Store files in a local cache

Description

Resources at a specified URL will be downloaded and copied into the local content-based storage. Local paths will simply be copied into local storage. Identical content is not duplicated.

Usage

store(x, dir = content_dir(), algos = default_algos())

Arguments

x

a URL, connection, or file path.

dir

the path we should use for permanent / on-disk storage of the registry. An appropriate default will be selected (also configurable using the environmental variable CONTENTID_HOME), if not specified.

algos

Which algorithms should we compute contentid for? Default "sha256", see details.

Value

the content-based identifier

See Also

retrieve

Examples

# Store & retrieve local file
vostok_co2 <- system.file("extdata", "vostok.icecore.co2",
                          package = "contentid")
 id <- store(vostok_co2)
 retrieve(id)

Add content to the Software Heritage Archival Store

Description

Add content to the Software Heritage Archival Store

Usage

store_swh(
  origin_url,
  host = "https://archive.softwareheritage.org",
  type = "git",
  ...
)

Arguments

origin_url

The url address to a GitHub, GitLab, or other recognized repository origin

host

the domain name for the Software Heritage API

type

software repository type, i.e. "git", "svn"

...

additional arguments

Examples

store_swh("https://github.com/CSSEGISandData/COVID-19")

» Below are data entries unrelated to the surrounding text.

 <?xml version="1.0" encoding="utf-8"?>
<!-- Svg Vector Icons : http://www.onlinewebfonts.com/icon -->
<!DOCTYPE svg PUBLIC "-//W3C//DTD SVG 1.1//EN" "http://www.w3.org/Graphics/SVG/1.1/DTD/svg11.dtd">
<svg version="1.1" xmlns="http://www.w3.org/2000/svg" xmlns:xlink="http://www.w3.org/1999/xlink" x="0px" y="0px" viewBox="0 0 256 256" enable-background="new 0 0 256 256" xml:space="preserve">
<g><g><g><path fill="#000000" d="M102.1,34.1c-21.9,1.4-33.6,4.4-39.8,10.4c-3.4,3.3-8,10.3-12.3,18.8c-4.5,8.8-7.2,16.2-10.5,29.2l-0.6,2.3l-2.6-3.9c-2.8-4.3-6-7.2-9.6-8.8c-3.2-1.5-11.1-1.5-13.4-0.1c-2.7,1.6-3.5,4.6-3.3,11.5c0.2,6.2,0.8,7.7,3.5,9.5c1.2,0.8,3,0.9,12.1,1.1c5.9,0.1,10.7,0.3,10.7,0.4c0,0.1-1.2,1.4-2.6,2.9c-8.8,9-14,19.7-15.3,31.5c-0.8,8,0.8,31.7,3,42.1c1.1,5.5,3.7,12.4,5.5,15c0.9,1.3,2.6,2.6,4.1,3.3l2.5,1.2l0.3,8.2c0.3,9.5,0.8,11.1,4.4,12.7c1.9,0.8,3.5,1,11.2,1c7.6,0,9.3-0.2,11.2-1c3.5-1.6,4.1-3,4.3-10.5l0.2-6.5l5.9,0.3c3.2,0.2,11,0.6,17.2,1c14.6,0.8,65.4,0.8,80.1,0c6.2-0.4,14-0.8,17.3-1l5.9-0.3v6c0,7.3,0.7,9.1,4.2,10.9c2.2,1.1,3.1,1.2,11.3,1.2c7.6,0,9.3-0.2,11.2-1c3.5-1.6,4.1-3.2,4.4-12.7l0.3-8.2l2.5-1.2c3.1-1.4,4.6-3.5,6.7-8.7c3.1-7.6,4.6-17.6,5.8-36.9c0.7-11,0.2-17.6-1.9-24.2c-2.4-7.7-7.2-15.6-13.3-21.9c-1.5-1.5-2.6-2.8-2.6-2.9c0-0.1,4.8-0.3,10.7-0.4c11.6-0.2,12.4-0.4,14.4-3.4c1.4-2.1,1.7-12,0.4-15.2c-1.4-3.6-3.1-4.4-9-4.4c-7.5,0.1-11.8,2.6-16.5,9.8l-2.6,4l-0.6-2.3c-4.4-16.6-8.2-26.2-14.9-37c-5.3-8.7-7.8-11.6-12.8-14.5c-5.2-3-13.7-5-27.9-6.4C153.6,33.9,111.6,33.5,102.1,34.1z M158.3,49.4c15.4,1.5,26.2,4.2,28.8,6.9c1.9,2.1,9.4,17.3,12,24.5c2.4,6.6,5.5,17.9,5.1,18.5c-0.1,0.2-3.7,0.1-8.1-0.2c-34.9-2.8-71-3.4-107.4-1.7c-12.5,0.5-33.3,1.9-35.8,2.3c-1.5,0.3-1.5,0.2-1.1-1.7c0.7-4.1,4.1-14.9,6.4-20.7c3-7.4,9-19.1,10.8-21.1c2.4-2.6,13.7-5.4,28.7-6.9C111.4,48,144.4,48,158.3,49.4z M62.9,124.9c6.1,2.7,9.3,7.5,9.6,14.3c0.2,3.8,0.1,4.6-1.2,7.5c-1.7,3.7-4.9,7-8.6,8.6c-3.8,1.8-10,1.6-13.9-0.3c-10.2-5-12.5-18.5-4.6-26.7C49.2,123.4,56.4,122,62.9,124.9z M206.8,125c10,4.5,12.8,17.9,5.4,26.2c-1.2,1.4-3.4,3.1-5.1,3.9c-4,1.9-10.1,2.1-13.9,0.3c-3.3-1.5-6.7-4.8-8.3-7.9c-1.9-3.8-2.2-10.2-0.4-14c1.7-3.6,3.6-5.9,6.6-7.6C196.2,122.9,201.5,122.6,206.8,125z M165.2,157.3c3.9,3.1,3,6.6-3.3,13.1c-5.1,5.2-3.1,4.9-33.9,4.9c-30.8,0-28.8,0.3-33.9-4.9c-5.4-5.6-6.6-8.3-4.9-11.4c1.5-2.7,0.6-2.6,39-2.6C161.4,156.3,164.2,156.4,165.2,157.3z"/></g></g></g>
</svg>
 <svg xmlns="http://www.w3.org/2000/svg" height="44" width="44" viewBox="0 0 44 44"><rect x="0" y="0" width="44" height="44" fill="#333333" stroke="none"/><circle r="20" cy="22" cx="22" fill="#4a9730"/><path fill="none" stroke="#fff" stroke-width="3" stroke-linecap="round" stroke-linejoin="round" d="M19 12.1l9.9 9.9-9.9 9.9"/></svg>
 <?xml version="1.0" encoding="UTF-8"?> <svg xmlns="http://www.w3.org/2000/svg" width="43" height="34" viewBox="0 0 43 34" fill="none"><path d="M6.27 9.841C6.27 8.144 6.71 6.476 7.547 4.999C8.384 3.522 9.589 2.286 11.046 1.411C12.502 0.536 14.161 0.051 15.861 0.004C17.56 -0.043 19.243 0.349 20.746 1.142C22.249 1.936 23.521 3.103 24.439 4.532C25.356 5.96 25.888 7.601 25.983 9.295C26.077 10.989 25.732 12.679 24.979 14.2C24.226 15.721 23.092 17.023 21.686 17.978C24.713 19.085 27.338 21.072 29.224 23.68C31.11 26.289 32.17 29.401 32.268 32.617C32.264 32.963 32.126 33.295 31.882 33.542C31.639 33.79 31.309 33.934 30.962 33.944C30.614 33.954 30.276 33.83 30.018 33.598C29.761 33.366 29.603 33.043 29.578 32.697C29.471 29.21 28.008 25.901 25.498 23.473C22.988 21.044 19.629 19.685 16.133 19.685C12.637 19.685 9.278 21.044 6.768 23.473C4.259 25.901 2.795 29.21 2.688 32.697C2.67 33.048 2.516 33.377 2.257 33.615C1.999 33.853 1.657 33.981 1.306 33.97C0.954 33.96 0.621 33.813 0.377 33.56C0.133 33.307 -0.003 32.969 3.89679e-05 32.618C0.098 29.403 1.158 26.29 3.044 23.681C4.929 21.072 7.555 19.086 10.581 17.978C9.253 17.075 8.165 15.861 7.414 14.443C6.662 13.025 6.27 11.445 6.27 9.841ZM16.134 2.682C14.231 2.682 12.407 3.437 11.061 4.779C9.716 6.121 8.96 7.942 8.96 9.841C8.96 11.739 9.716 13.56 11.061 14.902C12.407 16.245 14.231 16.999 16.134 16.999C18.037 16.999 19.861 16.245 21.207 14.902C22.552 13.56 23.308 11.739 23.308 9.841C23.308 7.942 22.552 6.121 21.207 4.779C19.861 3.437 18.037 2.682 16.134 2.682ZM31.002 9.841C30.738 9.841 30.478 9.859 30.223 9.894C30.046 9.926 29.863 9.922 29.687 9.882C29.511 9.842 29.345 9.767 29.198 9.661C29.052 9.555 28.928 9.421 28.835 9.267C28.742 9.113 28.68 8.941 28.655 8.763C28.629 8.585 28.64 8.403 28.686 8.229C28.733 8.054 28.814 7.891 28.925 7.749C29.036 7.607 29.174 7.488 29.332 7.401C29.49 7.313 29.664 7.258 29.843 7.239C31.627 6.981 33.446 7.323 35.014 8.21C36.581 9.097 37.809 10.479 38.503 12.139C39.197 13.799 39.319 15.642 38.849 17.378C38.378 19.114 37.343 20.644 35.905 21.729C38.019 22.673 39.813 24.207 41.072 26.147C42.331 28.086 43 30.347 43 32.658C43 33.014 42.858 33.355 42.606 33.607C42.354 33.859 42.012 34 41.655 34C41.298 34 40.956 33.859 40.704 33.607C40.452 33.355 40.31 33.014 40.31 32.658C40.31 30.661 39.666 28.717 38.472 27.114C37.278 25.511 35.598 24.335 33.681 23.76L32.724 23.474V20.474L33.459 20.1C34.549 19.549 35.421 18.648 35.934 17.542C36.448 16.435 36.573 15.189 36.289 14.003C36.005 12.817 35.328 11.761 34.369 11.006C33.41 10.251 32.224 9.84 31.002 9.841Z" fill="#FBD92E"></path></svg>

software heritage rate limit

Description

software heritage rate limit

Usage

swh_ratelimit(verbose = TRUE)

Arguments

verbose

show messages about current rate limits? Software Heritage has a rate limit that can interfere with common queries (resolve sources, register) when large numbers of queries are made. contentid functions will not automatically check against wait limits, but may fall back to other registeries when available.

Value

remaining, total, and time until next reset are invisibly returned as a data.frame.